J’ai terminé il y a une quinzaine « J’avoue que j’ai
vécu » de Pablo Neruda.
Ce qui nous est donné à lire présente un poète que l’on suit
ancré dans la vie, un homme de son temps, engagé les yeux tournés vers le
peuple chilien et jamais détournés. Même si ce n’est peut-être pas si
« simple ».
On apprend beaucoup, on mesure combien la curiosité les
rencontres les voyages ont compté, et il y a de fort belles pages – vraiment
magnifiques- sur l’enfance, les commencements.
Mais, progressivement, tel un sparadrap dont je ne suis pas
parvenu à me défaire, il y a eu ce sentiment de lire un peu l’édification du
mythe ou de la statue, et une nage en pleine gauche romantique et sentimentale,
avec une certaine auto-complaisance et des points qui fâchent qu’on évite
soigneusement.
Preuve si besoin que l’équilibre subtil de ce type
d’exercice n’est pas simple, il faut ... l’avouer (!).
A noter, un passage sur
Staline qui, plus de vingt ans après la mort de celui-ci, est complètement
« surréaliste » et laisse pantois.
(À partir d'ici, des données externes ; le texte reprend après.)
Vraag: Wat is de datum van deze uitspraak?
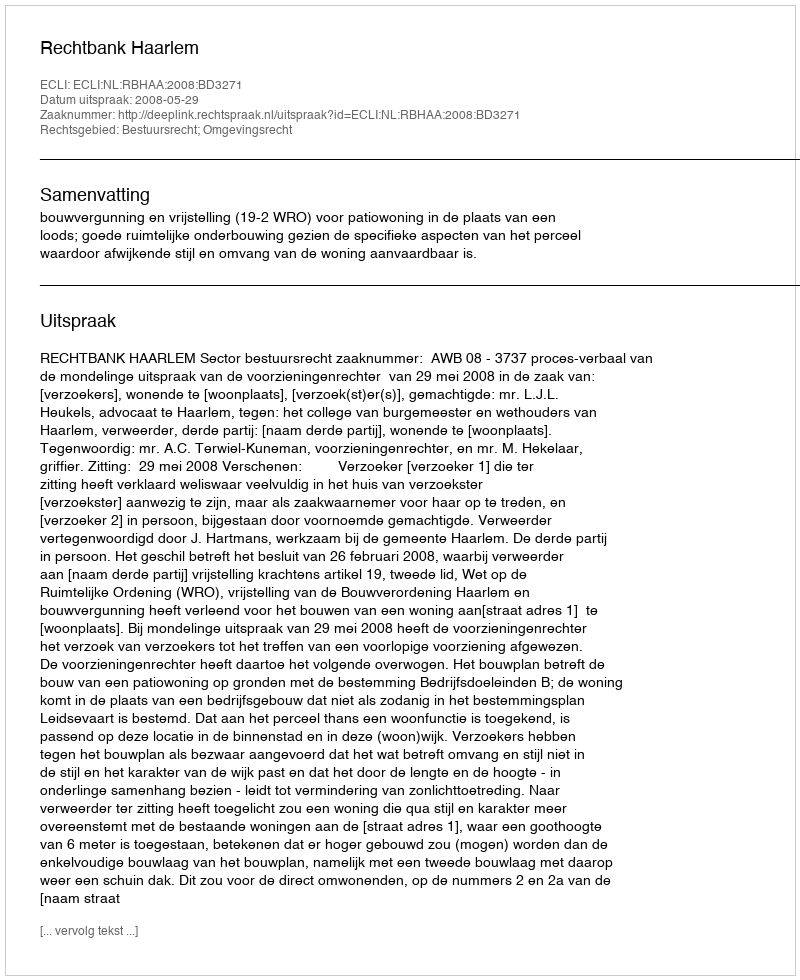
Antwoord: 2008-05-29

Il y avait encore du chemin, le concernant. Bizarre...
MAIS.
Cela ne retire rien à la grande qualité littéraire de
l’œuvre.
C’est beau, c’est sûr parce que Neruda est un conteur
hors pair, et que l’ouvrage finalement dépasse les mémoires et n’est pas non plus exactement une autobiographie.
On a parfois l’impression d’une conversation à bâtons rompus, de confidences faites plutôt simplement,
la chronologie étant parfois bousculée pour faire des liens.
Certains
passages sont drôles, ou encore absolument poétiques et d'autres sont plus dramatiques.
Certaines parties sont magnifiques : "Vivre avec la
langue", "Vers courts vers longs", "L’originalité" sonnent tous un peu comme un
manifeste poétique.
Et des portraits réussis, attachants aussi, avec Garcia
Llorca, Eluard.
Des pages sur Allende et un ouvrage qui se conclut, en 1973 année de
triste mémoire, sur le peuple chilien encore une fois trahi.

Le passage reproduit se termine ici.